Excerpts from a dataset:
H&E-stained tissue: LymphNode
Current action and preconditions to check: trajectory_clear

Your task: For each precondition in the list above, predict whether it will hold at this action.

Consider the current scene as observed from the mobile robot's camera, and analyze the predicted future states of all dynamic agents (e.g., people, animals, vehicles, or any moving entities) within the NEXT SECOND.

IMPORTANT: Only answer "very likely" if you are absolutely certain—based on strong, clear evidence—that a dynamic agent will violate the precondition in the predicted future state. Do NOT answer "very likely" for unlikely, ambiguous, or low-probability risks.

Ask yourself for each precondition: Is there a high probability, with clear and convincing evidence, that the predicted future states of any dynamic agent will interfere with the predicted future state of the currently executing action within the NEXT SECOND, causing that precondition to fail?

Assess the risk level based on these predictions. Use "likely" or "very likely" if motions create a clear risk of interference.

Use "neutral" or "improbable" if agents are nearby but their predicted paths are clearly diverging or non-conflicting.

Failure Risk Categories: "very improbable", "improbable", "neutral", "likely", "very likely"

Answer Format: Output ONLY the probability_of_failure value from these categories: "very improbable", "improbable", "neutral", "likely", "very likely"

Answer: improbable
--
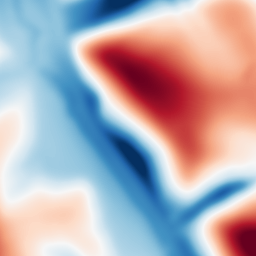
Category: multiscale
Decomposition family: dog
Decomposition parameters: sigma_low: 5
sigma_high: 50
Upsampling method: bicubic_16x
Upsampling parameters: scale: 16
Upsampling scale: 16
--
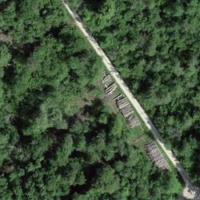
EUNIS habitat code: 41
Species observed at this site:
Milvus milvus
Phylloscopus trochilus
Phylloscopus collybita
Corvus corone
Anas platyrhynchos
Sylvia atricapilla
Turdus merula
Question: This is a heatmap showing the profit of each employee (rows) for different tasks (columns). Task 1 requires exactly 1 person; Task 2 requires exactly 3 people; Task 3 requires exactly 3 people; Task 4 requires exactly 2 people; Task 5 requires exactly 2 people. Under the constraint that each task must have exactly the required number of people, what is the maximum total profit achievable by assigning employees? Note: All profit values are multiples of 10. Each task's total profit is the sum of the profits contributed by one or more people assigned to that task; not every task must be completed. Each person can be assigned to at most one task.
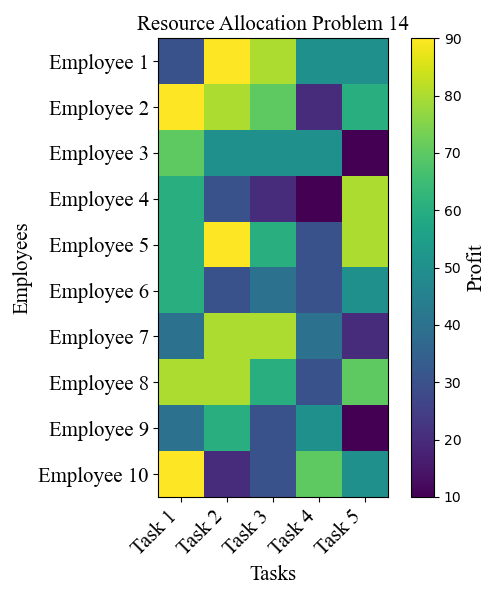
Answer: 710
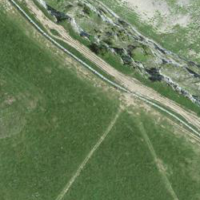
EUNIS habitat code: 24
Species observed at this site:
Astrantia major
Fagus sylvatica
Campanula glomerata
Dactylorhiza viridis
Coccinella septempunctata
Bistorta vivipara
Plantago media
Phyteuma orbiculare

> **Problem details**
Look over the entries above. Copy every line that contains the word "these".

> **Task response**
Assess the risk level based on these predictions. Use "likely" or "very likely" if motions create a clear risk of interference.
Answer Format: Output ONLY the probability_of_failure value from these categories: "very improbable", "improbable", "neutral", "likely", "very likely"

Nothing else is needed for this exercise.